Ruy Castro – Folha de São Paulo
Calças jeans e camisas da Marinha para os garotos da festiva
Parece outro dia, mas 1968, um dos anos mais eletrizantes do século 20, já está fazendo 50 anos. A imprensa vem sendo pródiga em artigos a respeito, embora alguns de nós, seus sobreviventes, não reconheçamos o 1968 que eles mostram. Uma reportagem recente numa revista sobre “a moda de 1968” faz pensar que os rapazes e moças adquiriam suas roupas em butiques e já saíam delas uniformizados, prontos para a guerra.

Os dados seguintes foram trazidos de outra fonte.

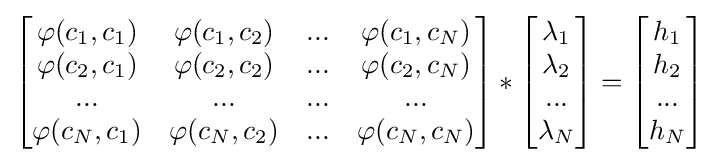
{\begin{bmatrix}\varphi (c_{1},c_{1})&\varphi (c_{1},c_{2})&...&\varphi (c_{1},c_{N})\\\varphi (c_{2},c_{1})&\varphi (c_{2},c_{2})&...&\varphi (c_{2},c_{N})\\...&...&...&...\\\varphi (c_{N},c_{1})&\varphi (c_{N},c_{2})&...&\varphi (c_{N},c_{N})\end{bmatrix}}*{\begin{bmatrix}\lambda _{1}\\\lambda _{2}\\...\\\lambda _{N}\end{bmatrix}}={\begin{bmatrix}h_{1}\\h_{2}\\...\\h_{N}\end{bmatrix}}

Não era assim. Cada turma tinha um estilo. Os garotos da esquerda festiva e intelectualizada, como eu, torcíamos pelos vietcongues na guerra do Vietnã, mas não abríamos mão dos jeans americanos, marca Lee, comprados nas galerias de Copacabana a preço de contrabando. As camisas cáqui ou azuis, como as dos grumetes, só se achavam numa loja de artigos da Marinha, na praça Mauá, e se usavam com as mangas arregaçadas e fraldas para fora. Tênis, bonés e camisetas não existiam.
As meninas iam para as passeatas com blusas de malha sanfonada e minissaias de lã, tipo kilt, presas por um alfinete também de fralda, com as pernas expostas aos estilhaços das bombas de “efeito moral” jogadas pela polícia. O risco só não era maior porque suas minissaias eram complementadas por meias três quartos, que chegavam quase ao joelho. Nós, os rapazes, estávamos a salvo dos estilhaços porque aqueles jeans, justos nas pernas, tinham uma consistência quase de couro.
Mas, como eu disse, esse era o estilo dos que viveram 1968 como se ele fosse, por mais excitante, um playground. Naquele mesmo ano, outros rapazes e moças, estes com roupas comuns –eles, de camisa branca e calça escura, sociais, e elas, com vestidinhos feitos por suas mães–, muitos deles discretos moradores dos subúrbios, preparavam-se em silêncio para algo mais sério e suicida, e que só começaria a partir de 1969: a luta armada.
E assim você tem 1968, como se diz, numa casca de noz.